Feb  4 16:20:14 monolith kernel: igb3: TX(0) desc avail = 42, pidx = 876
Feb  4 16:20:15 monolith kernel: pppoe0: link state changed to DOWN
Comment 1 eborisch+FreeBSD 2019-06-03 16:30:01 UTC
I'm running into this as well, no pppoe involved. Everything is up and running just fine until (on Friday evening of Memorial day weekend, of course) ...

May 24 21:28:03 <host> kernel: igb0: TX(0) desc avail = 42, pidx = 574
May 24 21:28:03 <host> kernel: igb0: link state changed to DOWN
May 24 21:28:05 <host> kernel: igb0: TX(3) desc avail = 1024, pidx = 0
May 24 21:28:35 <host> syslogd: last message repeated 18 times

Can't try net/intel-em-kmod as this is an I350 card:

igb0@pci0:4:0:0:	class=0x020000 card=0x152115d9 chip=0x15218086 rev=0x01 hdr=0x00
    vendor     = 'Intel Corporation'
    device     = 'I350 Gigabit Network Connection'
    class      = network
    subclass   = ethernet

After it decides there is no carrier (lights go out on physical card, too) rebooting is the only way I've found to wake back up.

Running amd64 12.0-p3 at the time. Custom kernel config, but comes up and is stable until this occurs. Doesn't *seem* to be during high traffic, but I suppose there could have been an undetected (looking at monitoring data) spike right before it happened. (This was the interface the monitoring data is sent out, so....)
Comment 2 Denis Ahrens 2019-10-24 04:08:21 UTC
it seems that r353778 - head/sys/dev/e1000 fixed my problem.

running now for 36h without a problem

will close this as fixed in a week

denis
Comment 3 Kubilay Kocak freebsd_committer freebsd_triage 2019-10-24 07:39:41 UTC
Assign committer of base r353778 for comment/confirmation that the change is relavent for this issue

The commit was not marked for MFC, but it may be indicated, setting mfc-stable-* flags accordingly, in case they're needed
Comment 4 Denis Ahrens 2019-10-30 12:49:29 UTC
it happened again. but I still think is has to do with the handling of the interface state.
Comment 5 Marius Strobl freebsd_committer 2019-10-30 20:52:06 UTC
(In reply to Kubilay Kocak from comment #3)

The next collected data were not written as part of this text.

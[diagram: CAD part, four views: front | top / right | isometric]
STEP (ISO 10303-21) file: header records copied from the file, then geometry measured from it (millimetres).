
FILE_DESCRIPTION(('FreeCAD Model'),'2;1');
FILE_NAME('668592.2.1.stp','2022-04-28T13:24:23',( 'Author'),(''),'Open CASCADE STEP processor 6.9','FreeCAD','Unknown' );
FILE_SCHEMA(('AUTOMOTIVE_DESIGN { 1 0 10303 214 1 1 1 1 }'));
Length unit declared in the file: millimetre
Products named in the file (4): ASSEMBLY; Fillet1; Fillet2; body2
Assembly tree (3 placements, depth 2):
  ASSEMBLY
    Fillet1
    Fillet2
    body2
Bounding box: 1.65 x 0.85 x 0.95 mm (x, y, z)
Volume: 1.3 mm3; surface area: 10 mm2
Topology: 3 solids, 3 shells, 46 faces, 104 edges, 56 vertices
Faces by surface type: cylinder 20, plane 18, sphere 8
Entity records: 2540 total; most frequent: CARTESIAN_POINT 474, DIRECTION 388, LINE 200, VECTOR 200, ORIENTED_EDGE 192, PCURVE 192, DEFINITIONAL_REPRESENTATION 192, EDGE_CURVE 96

r353778 is orthogonal to this bug
Comment 6 Denis Ahrens 2020-04-27 15:32:36 UTC
some patch earlier this year (2020) fixed something. So at least it is now possible (again) to reanimate the interface with a ifconfig igbx down/up combo. But the problem is still that the interface is not usable when it happens and with no other access to it the machine is offline.
Comment 7 Rin Morningstar 2020-04-28 01:46:49 UTC
I believe this is still recurring, even on 12.1-R, and that pf is involved somehow. Every few weeks, a server will go offline.  When I bring up the management console, the link light is off and the console is full of errors like this:

igb1: Watchdog timeout (TX: 2 desc avail: 42 pidx: 504) -- resetting
igb1: Watchdog timeout (TX: 2 desc avail: 1024 pidx: 0) -- resetting

With the first occurring once, then the second repeating every 2-3 seconds.

If I ifconfig down the interface, the watchdog timeout errors cease and the link light comes on.  If I then ifconfig up the interface the link light goes off again and the watchdog timeout errors resume.

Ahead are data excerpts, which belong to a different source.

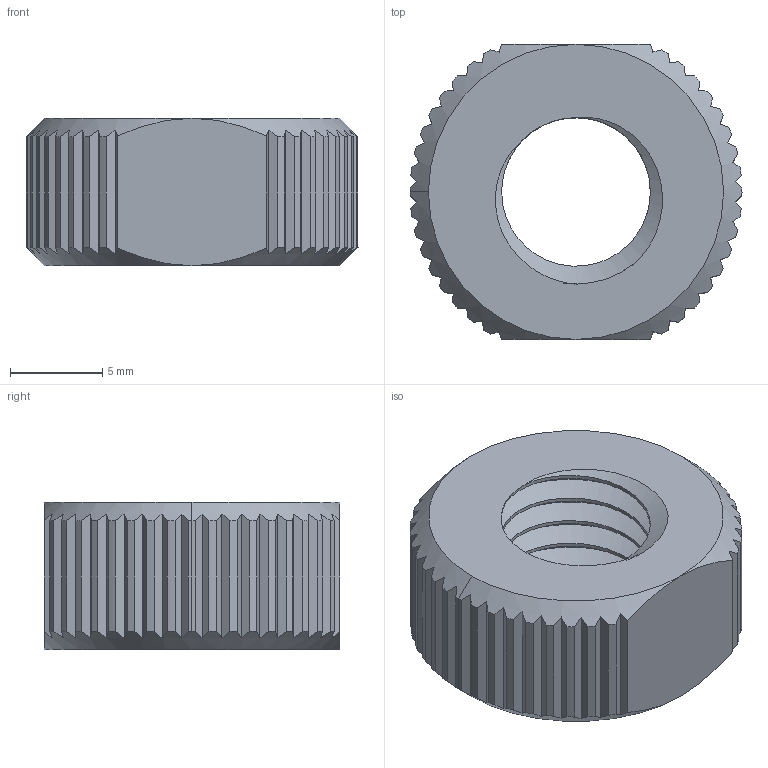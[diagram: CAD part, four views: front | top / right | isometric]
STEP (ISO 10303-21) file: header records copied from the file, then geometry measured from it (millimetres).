
FILE_DESCRIPTION (( 'STEP AP214' ), '1' );
FILE_NAME ('PENETRATOR-M-NUT-10-8-R2.STEP', '2018-10-16T20:00:10', ( '' ), ( '' ), 'SwSTEP 2.0', 'SolidWorks 2016', '' );
FILE_SCHEMA (( 'AUTOMOTIVE_DESIGN' ));
Length unit declared in the file: millimetre
Products named in the file (1): PENETRATOR-M-NUT-10-8-R2
Bounding box: 18 x 16 x 8 mm (x, y, z)
Volume: 1361.9 mm3; surface area: 1209.2 mm2
Topology: 1 solids, 1 shells, 132 faces, 385 edges, 255 vertices
Faces by surface type: plane 76, cylinder 47, cone 6, bspline 3
Entity records: 5701 total; most frequent: CARTESIAN_POINT 2490, ORIENTED_EDGE 770, DIRECTION 542, EDGE_CURVE 385, VERTEX_POINT 255, AXIS2_PLACEMENT_3D 210, B_SPLINE_CURVE_WITH_KNOTS 158, EDGE_LOOP 134

Thus far, only rebooting fixes this state.

Anecdote: this behaviour seems to correlate to whether or not pf is in use.  I have multiple of this exact hardware (Supermicro X11SSH-LN4F), some run pf, some don't. The behaviour occurs on every machine running pf, and none of the ones not running pf.  It wasn't occurring on two machines for months, then pf was enabled, and the behaviour started.  It was occuring on one of the machines running pf, then pf was disabled, and after months it has not recurred.

I'm posting this here because the observation--the paradoxical if up/down behaviour fixed only with a reboot--is the same, and I have machines running 12.x that do it, suggesting this has only been partially masked.
Comment 8 Denis Ahrens 2020-07-24 18:47:52 UTC
on my machine pf is not enabled. also it seems that incoming traffic is triggering the problem.